Figure 8. Class Id α lacks all known N-terminal RNR allosteric nucleotide binding motifs.

A structural comparison of the α subunit from class Ia (A) (PDB ID: 3R1R), class Ib (B) (PDB ID: 6CGL), and class Id RNRs (C) (this work) shows that N-terminus of the protein is truncated such that all known adenine nucleotide binding sites in the ATP-cone and connector domains are no longer present. An auxiliary domain shared with eukaryotic class Ia and class II RNRs occupies a nearby region.

CONCLUSIONS

The X-ray crystal structures of class Id RNR α subunits reveal a minimal domain architecture that completely lacks even the partial ATP cone structure present in other minimal class I RNRs, such as the Ib enzymes. The absence of this domain would imply an inability to form inhibitory oligomers but, surprisingly, the X-ray structure of Fj class Id α suggests a capacity for higher-order quaternary structure mediated by a truncated N-terminal structural motif. In yet another example of diversity within an RNR subclass, we do not see these larger oligomers in the Au system. This observation is supported by evidence of Fj tetramers in both size-exclusion chromatography (SEC) and small-angle X-ray scattering (SAXS) experiments.
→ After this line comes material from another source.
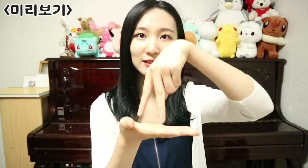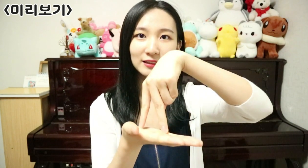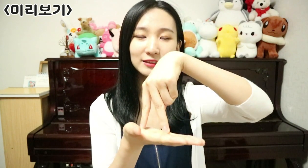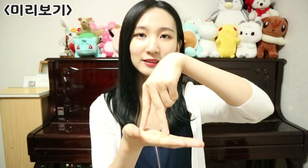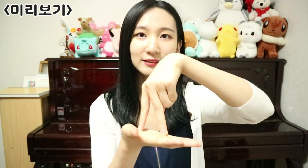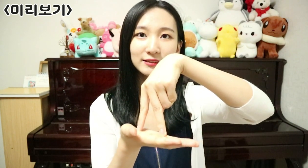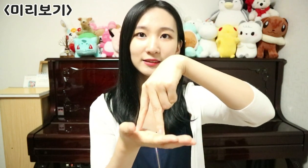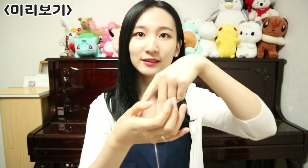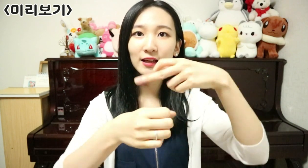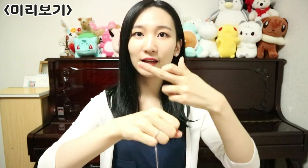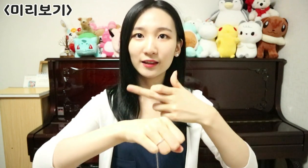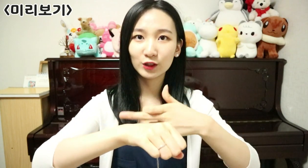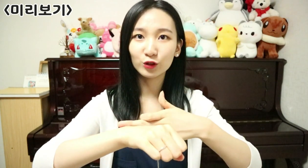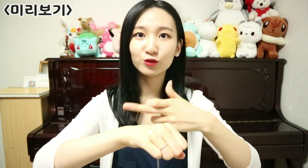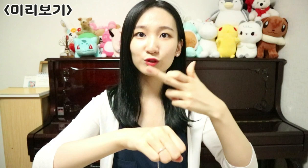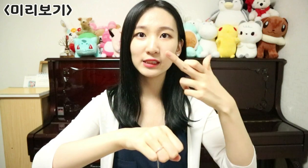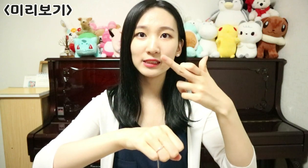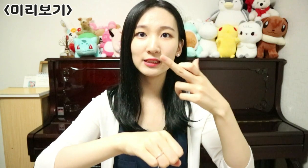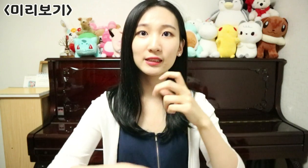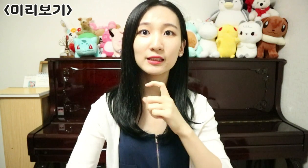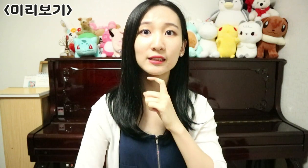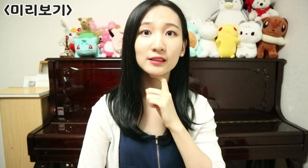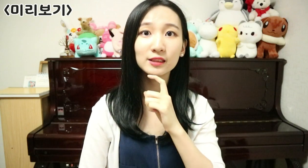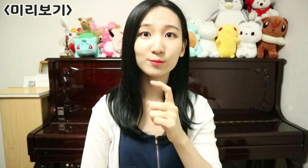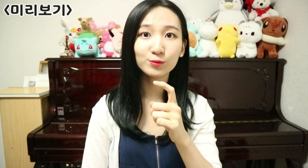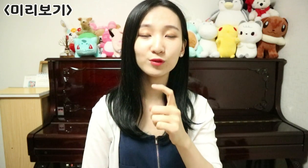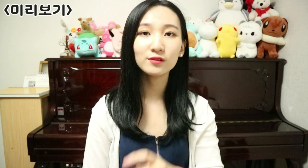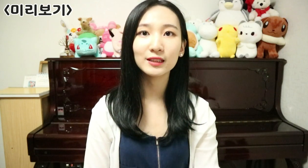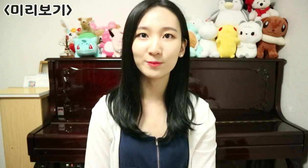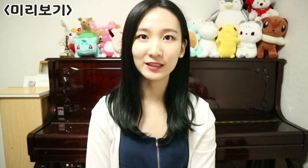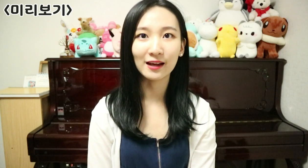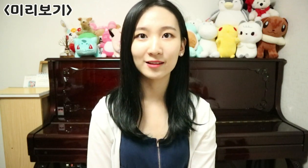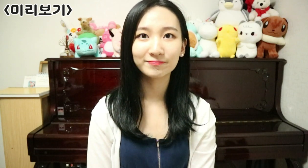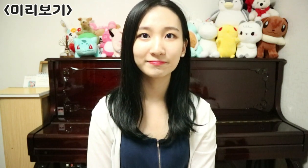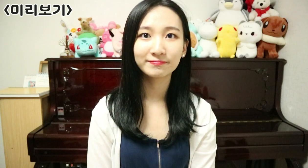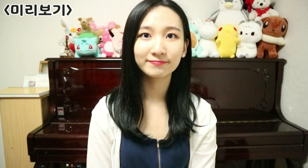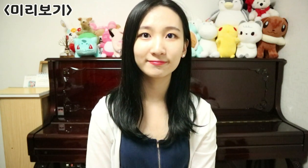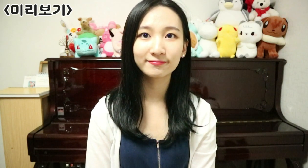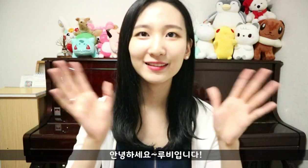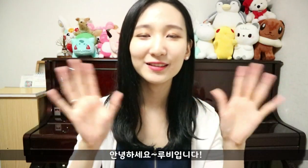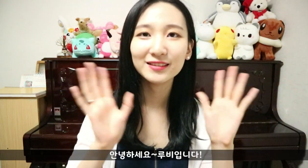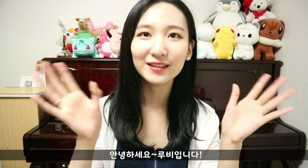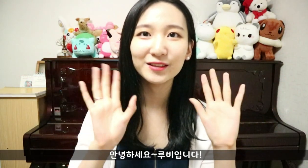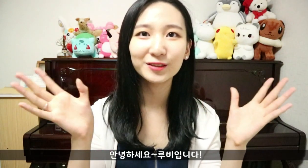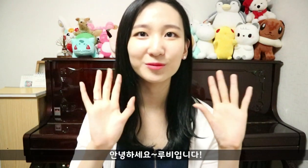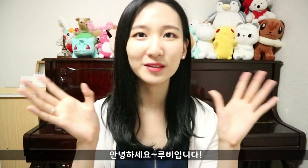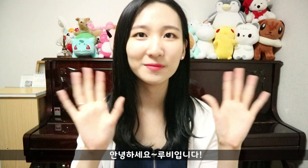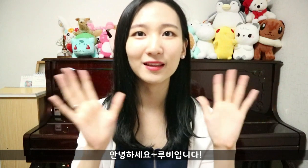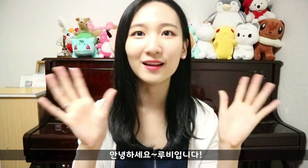탑승시간은 12시 10분입니다. 안녕하세요 루비입니다.
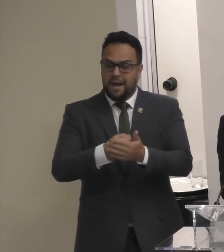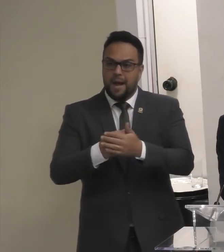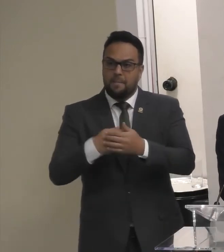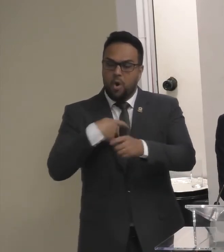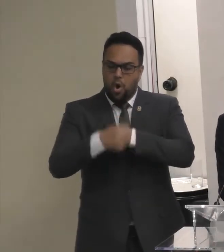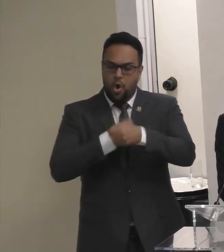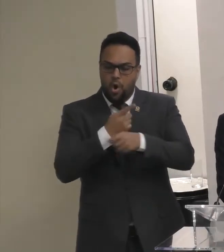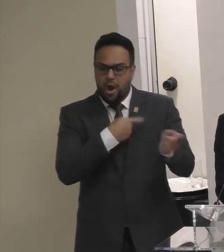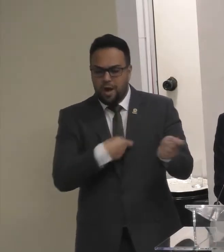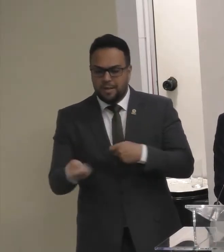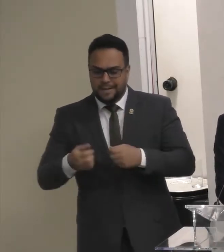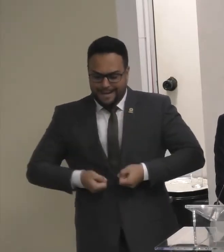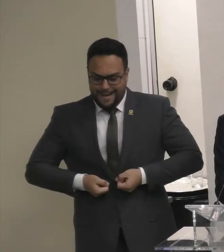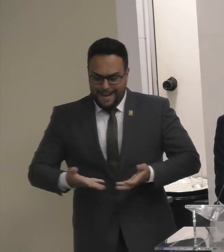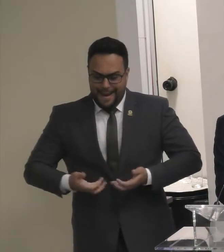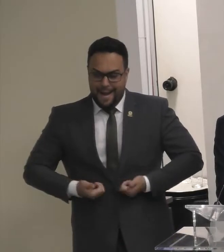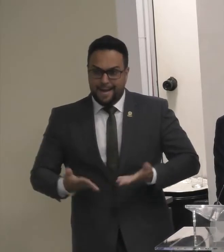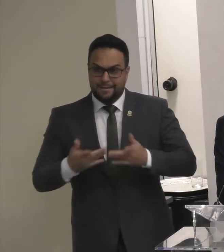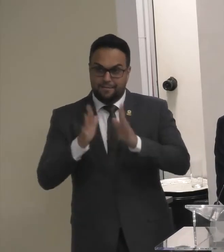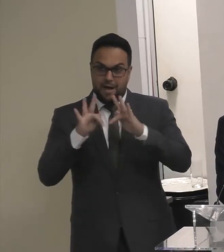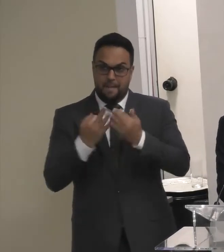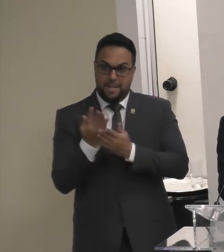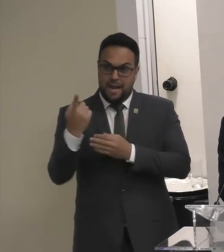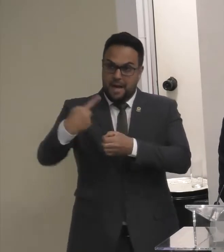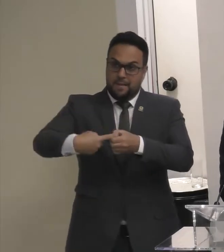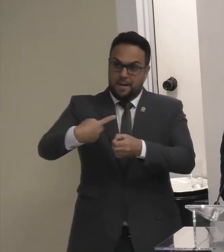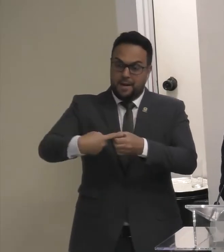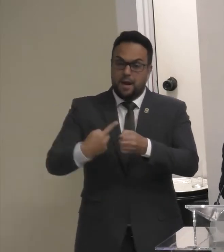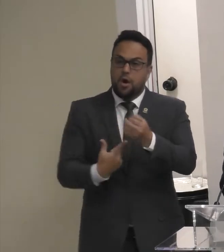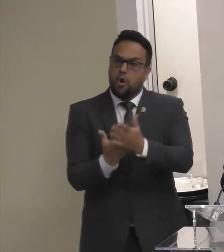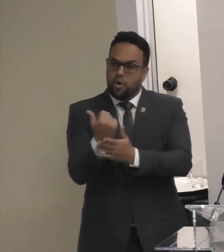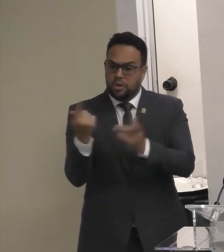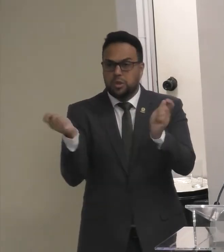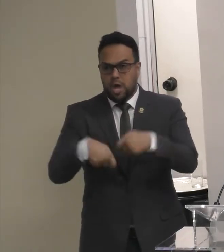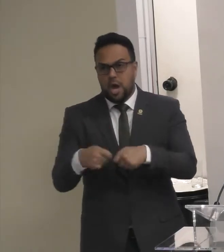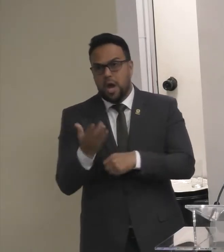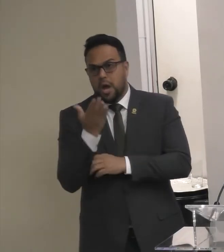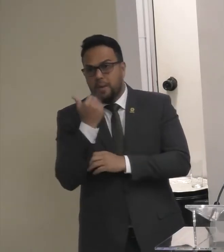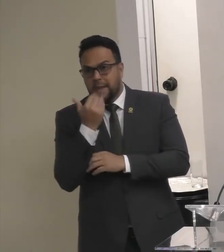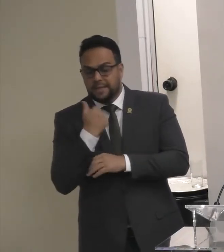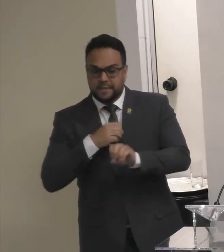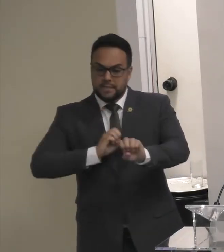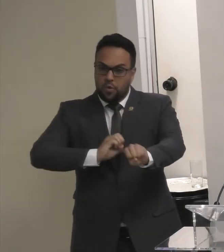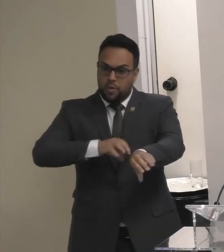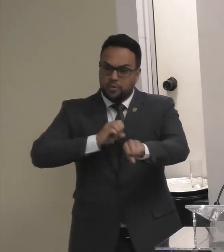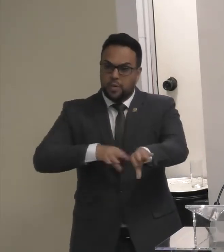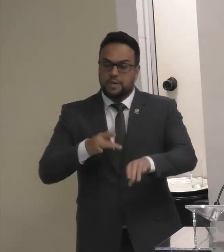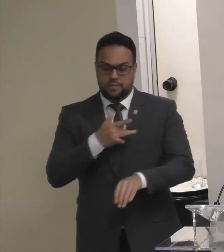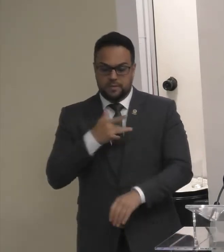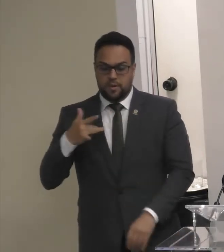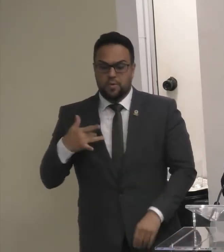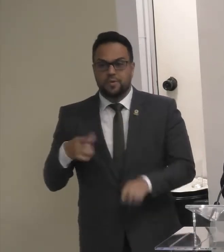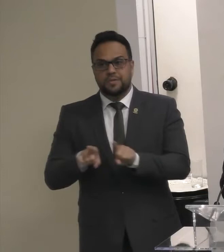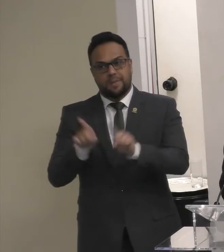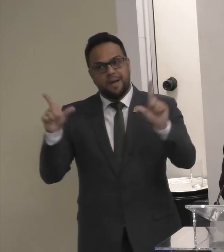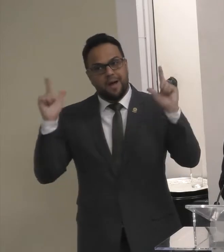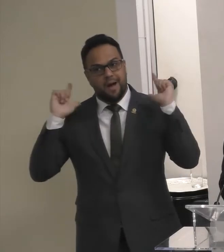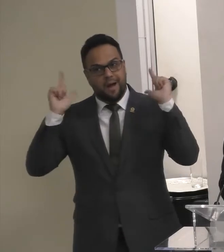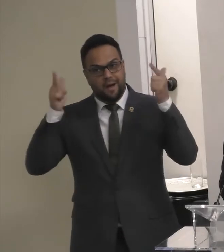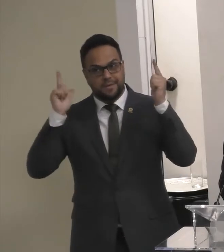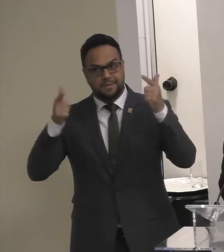gastos Pelas famílias Em seus municípios Em alimentação Educação Saúde E lazer

These higher-order structures change across different concentration regimes but do not respond to addition of nucleotides, consistent with observed lack of dATP-dependent enzyme inhibition in activity assays. Although the formation of oligomers may be an Fj-specific adaptation, Fj and Au come from different phylogenetic clades within the Id subclass, and it is possible that other Fj-like Id RNR αs exhibit similar behavior. The functional significance of these structures, as well as the potential involvement of other components, remains to be discovered.